(Data entries)
------------------------------------------------
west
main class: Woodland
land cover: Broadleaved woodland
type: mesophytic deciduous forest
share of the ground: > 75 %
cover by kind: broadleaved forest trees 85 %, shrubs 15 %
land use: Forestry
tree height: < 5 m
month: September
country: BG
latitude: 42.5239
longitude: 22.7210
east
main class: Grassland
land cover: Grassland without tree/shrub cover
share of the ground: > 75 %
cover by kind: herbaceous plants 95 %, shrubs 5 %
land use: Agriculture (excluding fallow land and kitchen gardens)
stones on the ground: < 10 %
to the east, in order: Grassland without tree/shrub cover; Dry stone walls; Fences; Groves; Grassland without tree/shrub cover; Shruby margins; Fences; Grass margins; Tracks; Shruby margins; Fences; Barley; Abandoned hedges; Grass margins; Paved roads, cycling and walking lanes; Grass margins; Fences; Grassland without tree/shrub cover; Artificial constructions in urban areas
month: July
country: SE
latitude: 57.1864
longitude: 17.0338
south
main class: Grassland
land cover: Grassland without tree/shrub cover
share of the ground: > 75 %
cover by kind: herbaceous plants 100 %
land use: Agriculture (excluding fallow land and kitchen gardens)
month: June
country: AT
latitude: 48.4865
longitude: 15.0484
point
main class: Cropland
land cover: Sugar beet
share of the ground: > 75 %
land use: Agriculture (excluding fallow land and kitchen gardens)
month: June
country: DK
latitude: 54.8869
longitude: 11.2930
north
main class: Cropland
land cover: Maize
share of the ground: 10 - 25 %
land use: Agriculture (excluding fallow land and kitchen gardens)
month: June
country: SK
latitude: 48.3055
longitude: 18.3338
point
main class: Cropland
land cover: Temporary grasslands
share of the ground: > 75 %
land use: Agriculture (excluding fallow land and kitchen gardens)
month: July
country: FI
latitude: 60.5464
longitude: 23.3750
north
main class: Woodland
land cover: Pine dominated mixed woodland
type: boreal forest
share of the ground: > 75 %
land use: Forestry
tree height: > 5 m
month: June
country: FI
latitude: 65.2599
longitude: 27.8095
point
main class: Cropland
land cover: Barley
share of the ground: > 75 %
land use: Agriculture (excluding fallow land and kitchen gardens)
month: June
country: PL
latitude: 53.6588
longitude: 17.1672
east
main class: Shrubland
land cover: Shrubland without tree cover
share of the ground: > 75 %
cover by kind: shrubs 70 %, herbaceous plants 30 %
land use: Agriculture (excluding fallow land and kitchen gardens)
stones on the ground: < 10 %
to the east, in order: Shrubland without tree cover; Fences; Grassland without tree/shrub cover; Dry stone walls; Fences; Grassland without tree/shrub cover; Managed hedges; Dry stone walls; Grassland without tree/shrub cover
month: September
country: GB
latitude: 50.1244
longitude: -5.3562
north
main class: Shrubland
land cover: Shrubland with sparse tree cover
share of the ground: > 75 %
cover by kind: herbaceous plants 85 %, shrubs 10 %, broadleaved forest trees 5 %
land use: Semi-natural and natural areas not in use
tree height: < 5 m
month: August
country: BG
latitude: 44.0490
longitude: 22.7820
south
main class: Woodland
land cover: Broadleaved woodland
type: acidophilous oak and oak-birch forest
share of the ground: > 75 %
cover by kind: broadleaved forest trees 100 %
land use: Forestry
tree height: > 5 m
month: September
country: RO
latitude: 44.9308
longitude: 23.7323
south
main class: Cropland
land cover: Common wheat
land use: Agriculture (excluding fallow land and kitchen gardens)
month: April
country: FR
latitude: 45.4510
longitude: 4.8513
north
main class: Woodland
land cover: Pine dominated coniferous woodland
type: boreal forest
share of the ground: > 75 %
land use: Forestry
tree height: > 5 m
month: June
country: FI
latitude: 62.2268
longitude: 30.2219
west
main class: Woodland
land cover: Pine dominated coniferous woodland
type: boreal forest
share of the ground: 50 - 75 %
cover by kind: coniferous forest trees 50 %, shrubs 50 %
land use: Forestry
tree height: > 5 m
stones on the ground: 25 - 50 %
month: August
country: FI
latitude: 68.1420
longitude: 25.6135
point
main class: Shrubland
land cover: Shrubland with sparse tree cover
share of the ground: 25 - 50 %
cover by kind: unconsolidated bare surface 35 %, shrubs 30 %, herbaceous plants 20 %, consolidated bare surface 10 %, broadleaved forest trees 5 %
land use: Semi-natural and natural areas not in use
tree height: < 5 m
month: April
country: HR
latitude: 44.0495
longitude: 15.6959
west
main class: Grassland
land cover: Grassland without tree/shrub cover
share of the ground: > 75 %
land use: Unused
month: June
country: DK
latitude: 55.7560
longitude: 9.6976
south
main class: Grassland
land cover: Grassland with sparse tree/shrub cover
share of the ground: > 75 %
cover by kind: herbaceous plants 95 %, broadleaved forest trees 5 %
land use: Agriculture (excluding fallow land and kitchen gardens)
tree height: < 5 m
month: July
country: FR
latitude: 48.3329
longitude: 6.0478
------------------------------------------------
== Work instruction ==
All records above are to be returned exactly as given.

== Written reply ==
west
main class: Woodland
land cover: Broadleaved woodland
type: mesophytic deciduous forest
share of the ground: > 75 %
cover by kind: broadleaved forest trees 85 %, shrubs 15 %
land use: Forestry
tree height: < 5 m
month: September
country: BG
latitude: 42.5239
longitude: 22.7210
east
main class: Grassland
land cover: Grassland without tree/shrub cover
share of the ground: > 75 %
cover by kind: herbaceous plants 95 %, shrubs 5 %
land use: Agriculture (excluding fallow land and kitchen gardens)
stones on the ground: < 10 %
to the east, in order: Grassland without tree/shrub cover; Dry stone walls; Fences; Groves; Grassland without tree/shrub cover; Shruby margins; Fences; Grass margins; Tracks; Shruby margins; Fences; Barley; Abandoned hedges; Grass margins; Paved roads, cycling and walking lanes; Grass margins; Fences; Grassland without tree/shrub cover; Artificial constructions in urban areas
month: July
country: SE
latitude: 57.1864
longitude: 17.0338
south
main class: Grassland
land cover: Grassland without tree/shrub cover
share of the ground: > 75 %
cover by kind: herbaceous plants 100 %
land use: Agriculture (excluding fallow land and kitchen gardens)
month: June
country: AT
latitude: 48.4865
longitude: 15.0484
point
main class: Cropland
land cover: Sugar beet
share of the ground: > 75 %
land use: Agriculture (excluding fallow land and kitchen gardens)
month: June
country: DK
latitude: 54.8869
longitude: 11.2930
north
main class: Cropland
land cover: Maize
share of the ground: 10 - 25 %
land use: Agriculture (excluding fallow land and kitchen gardens)
month: June
country: SK
latitude: 48.3055
longitude: 18.3338
point
main class: Cropland
land cover: Temporary grasslands
share of the ground: > 75 %
land use: Agriculture (excluding fallow land and kitchen gardens)
month: July
country: FI
latitude: 60.5464
longitude: 23.3750
north
main class: Woodland
land cover: Pine dominated mixed woodland
type: boreal forest
share of the ground: > 75 %
land use: Forestry
tree height: > 5 m
month: June
country: FI
latitude: 65.2599
longitude: 27.8095
point
main class: Cropland
land cover: Barley
share of the ground: > 75 %
land use: Agriculture (excluding fallow land and kitchen gardens)
month: June
country: PL
latitude: 53.6588
longitude: 17.1672
east
main class: Shrubland
land cover: Shrubland without tree cover
share of the ground: > 75 %
cover by kind: shrubs 70 %, herbaceous plants 30 %
land use: Agriculture (excluding fallow land and kitchen gardens)
stones on the ground: < 10 %
to the east, in order: Shrubland without tree cover; Fences; Grassland without tree/shrub cover; Dry stone walls; Fences; Grassland without tree/shrub cover; Managed hedges; Dry stone walls; Grassland without tree/shrub cover
month: September
country: GB
latitude: 50.1244
longitude: -5.3562
north
main class: Shrubland
land cover: Shrubland with sparse tree cover
share of the ground: > 75 %
cover by kind: herbaceous plants 85 %, shrubs 10 %, broadleaved forest trees 5 %
land use: Semi-natural and natural areas not in use
tree height: < 5 m
month: August
country: BG
latitude: 44.0490
longitude: 22.7820
south
main class: Woodland
land cover: Broadleaved woodland
type: acidophilous oak and oak-birch forest
share of the ground: > 75 %
cover by kind: broadleaved forest trees 100 %
land use: Forestry
tree height: > 5 m
month: September
country: RO
latitude: 44.9308
longitude: 23.7323
south
main class: Cropland
land cover: Common wheat
land use: Agriculture (excluding fallow land and kitchen gardens)
month: April
country: FR
latitude: 45.4510
longitude: 4.8513
north
main class: Woodland
land cover: Pine dominated coniferous woodland
type: boreal forest
share of the ground: > 75 %
land use: Forestry
tree height: > 5 m
month: June
country: FI
latitude: 62.2268
longitude: 30.2219
west
main class: Woodland
land cover: Pine dominated coniferous woodland
type: boreal forest
share of the ground: 50 - 75 %
cover by kind: coniferous forest trees 50 %, shrubs 50 %
land use: Forestry
tree height: > 5 m
stones on the ground: 25 - 50 %
month: August
country: FI
latitude: 68.1420
longitude: 25.6135
point
main class: Shrubland
land cover: Shrubland with sparse tree cover
share of the ground: 25 - 50 %
cover by kind: unconsolidated bare surface 35 %, shrubs 30 %, herbaceous plants 20 %, consolidated bare surface 10 %, broadleaved forest trees 5 %
land use: Semi-natural and natural areas not in use
tree height: < 5 m
month: April
country: HR
latitude: 44.0495
longitude: 15.6959
west
main class: Grassland
land cover: Grassland without tree/shrub cover
share of the ground: > 75 %
land use: Unused
month: June
country: DK
latitude: 55.7560
longitude: 9.6976
south
main class: Grassland
land cover: Grassland with sparse tree/shrub cover
share of the ground: > 75 %
cover by kind: herbaceous plants 95 %, broadleaved forest trees 5 %
land use: Agriculture (excluding fallow land and kitchen gardens)
tree height: < 5 m
month: July
country: FR
latitude: 48.3329
longitude: 6.0478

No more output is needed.